- WHAT YOU NEED TO DO -
In the material below, find the line with "7.767 10.568 8.81620854e-05" and the line with "L55.323,3.344 C58.117,1.346 61.876,1.355", then output those two lines and every line between them, exactly.

- DATA PROVIDED -
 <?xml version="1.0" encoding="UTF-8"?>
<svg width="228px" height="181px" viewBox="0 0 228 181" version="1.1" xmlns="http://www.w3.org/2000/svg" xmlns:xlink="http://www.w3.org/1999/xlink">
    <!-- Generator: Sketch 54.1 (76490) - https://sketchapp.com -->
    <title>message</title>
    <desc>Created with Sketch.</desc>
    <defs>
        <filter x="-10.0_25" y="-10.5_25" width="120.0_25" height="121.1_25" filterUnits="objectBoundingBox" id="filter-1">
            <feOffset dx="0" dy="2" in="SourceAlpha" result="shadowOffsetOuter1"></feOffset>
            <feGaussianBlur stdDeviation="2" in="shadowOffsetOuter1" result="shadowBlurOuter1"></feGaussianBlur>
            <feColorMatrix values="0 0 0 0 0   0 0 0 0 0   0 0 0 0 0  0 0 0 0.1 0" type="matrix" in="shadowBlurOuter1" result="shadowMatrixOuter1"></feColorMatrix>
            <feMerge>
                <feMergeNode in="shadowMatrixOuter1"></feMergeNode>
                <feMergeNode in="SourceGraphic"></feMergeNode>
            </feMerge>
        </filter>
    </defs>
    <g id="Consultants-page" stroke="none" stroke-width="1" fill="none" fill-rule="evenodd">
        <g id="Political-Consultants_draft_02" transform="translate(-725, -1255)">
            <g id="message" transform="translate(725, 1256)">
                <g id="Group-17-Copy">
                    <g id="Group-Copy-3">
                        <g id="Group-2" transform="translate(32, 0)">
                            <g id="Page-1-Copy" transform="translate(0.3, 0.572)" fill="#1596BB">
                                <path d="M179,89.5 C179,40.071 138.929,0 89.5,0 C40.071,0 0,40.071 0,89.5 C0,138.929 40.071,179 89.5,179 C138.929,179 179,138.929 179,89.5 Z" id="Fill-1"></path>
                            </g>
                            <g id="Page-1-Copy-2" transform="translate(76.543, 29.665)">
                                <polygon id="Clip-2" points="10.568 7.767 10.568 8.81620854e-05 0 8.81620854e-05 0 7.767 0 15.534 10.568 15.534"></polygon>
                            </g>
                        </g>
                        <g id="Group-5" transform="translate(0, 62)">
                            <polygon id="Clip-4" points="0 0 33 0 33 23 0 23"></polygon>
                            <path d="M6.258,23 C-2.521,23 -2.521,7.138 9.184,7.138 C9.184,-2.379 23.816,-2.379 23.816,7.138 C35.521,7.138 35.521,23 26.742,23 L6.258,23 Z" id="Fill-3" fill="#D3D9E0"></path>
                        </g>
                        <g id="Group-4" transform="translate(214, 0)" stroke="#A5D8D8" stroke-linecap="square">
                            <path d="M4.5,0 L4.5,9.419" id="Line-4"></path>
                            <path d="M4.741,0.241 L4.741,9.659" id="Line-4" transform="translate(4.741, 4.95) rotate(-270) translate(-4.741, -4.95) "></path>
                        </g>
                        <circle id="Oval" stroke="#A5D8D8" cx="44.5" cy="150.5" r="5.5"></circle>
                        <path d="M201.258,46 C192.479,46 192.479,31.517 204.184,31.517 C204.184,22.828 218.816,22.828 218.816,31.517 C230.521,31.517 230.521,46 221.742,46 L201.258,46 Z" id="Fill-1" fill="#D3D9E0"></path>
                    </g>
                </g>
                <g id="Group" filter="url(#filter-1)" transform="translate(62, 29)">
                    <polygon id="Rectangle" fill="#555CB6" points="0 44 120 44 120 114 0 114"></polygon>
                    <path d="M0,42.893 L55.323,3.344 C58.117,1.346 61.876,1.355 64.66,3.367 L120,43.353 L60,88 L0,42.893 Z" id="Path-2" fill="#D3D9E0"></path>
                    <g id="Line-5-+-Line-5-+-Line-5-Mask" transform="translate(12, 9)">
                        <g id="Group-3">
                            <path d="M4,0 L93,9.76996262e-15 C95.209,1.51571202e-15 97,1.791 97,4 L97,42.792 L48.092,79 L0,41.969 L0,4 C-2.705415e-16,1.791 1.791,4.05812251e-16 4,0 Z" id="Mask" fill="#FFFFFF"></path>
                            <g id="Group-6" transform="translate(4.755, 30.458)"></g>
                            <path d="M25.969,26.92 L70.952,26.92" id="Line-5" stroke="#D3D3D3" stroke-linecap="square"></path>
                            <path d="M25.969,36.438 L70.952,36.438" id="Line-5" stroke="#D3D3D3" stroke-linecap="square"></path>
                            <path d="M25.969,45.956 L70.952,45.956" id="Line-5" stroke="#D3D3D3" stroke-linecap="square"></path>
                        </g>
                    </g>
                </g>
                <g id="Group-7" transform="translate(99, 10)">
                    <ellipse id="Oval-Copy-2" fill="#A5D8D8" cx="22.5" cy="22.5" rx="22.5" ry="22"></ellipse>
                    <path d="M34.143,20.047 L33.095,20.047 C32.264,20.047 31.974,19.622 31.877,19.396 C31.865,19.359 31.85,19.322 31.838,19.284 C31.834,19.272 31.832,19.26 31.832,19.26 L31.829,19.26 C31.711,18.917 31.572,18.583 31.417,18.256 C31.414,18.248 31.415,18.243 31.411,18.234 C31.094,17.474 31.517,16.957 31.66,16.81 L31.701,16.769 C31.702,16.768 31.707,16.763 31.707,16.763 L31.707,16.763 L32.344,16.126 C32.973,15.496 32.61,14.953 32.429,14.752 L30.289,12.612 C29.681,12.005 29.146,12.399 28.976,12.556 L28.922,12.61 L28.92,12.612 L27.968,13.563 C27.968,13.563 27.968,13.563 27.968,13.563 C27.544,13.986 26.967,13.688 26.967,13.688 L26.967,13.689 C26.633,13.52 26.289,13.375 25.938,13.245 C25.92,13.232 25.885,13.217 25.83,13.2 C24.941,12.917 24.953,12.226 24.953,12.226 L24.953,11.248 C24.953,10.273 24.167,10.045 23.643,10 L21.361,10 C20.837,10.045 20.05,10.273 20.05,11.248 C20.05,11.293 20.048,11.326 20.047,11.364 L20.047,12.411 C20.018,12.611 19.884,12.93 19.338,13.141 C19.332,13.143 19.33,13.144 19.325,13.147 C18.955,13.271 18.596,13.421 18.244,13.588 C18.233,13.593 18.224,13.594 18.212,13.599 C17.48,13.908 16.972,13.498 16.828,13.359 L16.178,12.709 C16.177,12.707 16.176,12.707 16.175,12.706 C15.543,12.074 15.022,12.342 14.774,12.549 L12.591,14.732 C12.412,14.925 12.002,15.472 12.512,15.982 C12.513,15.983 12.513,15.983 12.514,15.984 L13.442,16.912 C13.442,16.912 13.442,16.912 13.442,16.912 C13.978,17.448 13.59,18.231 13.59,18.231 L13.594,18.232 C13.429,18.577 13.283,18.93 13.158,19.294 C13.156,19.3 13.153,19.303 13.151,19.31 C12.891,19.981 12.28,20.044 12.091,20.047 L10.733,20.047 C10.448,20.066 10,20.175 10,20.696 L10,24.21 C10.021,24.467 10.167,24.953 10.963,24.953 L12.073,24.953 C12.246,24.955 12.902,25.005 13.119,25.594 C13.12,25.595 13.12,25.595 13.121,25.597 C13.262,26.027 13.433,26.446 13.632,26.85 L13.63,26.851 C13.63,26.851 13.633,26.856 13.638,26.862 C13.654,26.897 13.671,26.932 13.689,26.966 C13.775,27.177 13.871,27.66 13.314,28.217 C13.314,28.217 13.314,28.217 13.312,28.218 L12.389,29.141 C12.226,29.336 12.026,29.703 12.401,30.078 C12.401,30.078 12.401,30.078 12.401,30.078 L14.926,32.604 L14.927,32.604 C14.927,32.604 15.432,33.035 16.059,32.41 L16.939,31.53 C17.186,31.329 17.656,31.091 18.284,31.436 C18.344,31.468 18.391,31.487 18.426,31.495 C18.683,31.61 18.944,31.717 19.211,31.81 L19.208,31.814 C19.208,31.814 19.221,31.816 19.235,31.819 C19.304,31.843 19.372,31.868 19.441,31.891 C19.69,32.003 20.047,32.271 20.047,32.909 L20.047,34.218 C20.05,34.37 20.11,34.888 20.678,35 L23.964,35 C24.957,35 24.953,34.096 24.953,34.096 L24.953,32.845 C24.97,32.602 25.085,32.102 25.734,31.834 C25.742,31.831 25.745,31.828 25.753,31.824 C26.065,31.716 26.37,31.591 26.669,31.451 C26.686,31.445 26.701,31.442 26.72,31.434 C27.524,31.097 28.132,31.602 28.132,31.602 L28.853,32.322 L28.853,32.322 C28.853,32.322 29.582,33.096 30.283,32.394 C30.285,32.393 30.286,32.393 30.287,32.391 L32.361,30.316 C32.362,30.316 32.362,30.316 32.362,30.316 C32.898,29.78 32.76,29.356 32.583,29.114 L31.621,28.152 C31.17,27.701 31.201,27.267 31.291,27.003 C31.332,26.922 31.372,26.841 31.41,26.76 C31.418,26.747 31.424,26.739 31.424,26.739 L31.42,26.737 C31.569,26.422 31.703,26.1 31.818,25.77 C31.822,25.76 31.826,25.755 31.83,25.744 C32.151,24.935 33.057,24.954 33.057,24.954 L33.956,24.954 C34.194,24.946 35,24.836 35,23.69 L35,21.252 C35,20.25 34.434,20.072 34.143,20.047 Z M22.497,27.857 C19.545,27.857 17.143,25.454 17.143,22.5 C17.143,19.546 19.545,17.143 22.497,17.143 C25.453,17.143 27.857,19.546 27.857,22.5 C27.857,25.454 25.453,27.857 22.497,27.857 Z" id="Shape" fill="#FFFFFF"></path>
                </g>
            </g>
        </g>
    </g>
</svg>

- YOUR SOLUTION -
                                <polygon id="Clip-2" points="10.568 7.767 10.568 8.81620854e-05 0 8.81620854e-05 0 7.767 0 15.534 10.568 15.534"></polygon>
                            </g>
                        </g>
                        <g id="Group-5" transform="translate(0, 62)">
                            <polygon id="Clip-4" points="0 0 33 0 33 23 0 23"></polygon>
                            <path d="M6.258,23 C-2.521,23 -2.521,7.138 9.184,7.138 C9.184,-2.379 23.816,-2.379 23.816,7.138 C35.521,7.138 35.521,23 26.742,23 L6.258,23 Z" id="Fill-3" fill="#D3D9E0"></path>
                        </g>
                        <g id="Group-4" transform="translate(214, 0)" stroke="#A5D8D8" stroke-linecap="square">
                            <path d="M4.5,0 L4.5,9.419" id="Line-4"></path>
                            <path d="M4.741,0.241 L4.741,9.659" id="Line-4" transform="translate(4.741, 4.95) rotate(-270) translate(-4.741, -4.95) "></path>
                        </g>
                        <circle id="Oval" stroke="#A5D8D8" cx="44.5" cy="150.5" r="5.5"></circle>
                        <path d="M201.258,46 C192.479,46 192.479,31.517 204.184,31.517 C204.184,22.828 218.816,22.828 218.816,31.517 C230.521,31.517 230.521,46 221.742,46 L201.258,46 Z" id="Fill-1" fill="#D3D9E0"></path>
                    </g>
                </g>
                <g id="Group" filter="url(#filter-1)" transform="translate(62, 29)">
                    <polygon id="Rectangle" fill="#555CB6" points="0 44 120 44 120 114 0 114"></polygon>
                    <path d="M0,42.893 L55.323,3.344 C58.117,1.346 61.876,1.355 64.66,3.367 L120,43.353 L60,88 L0,42.893 Z" id="Path-2" fill="#D3D9E0"></path>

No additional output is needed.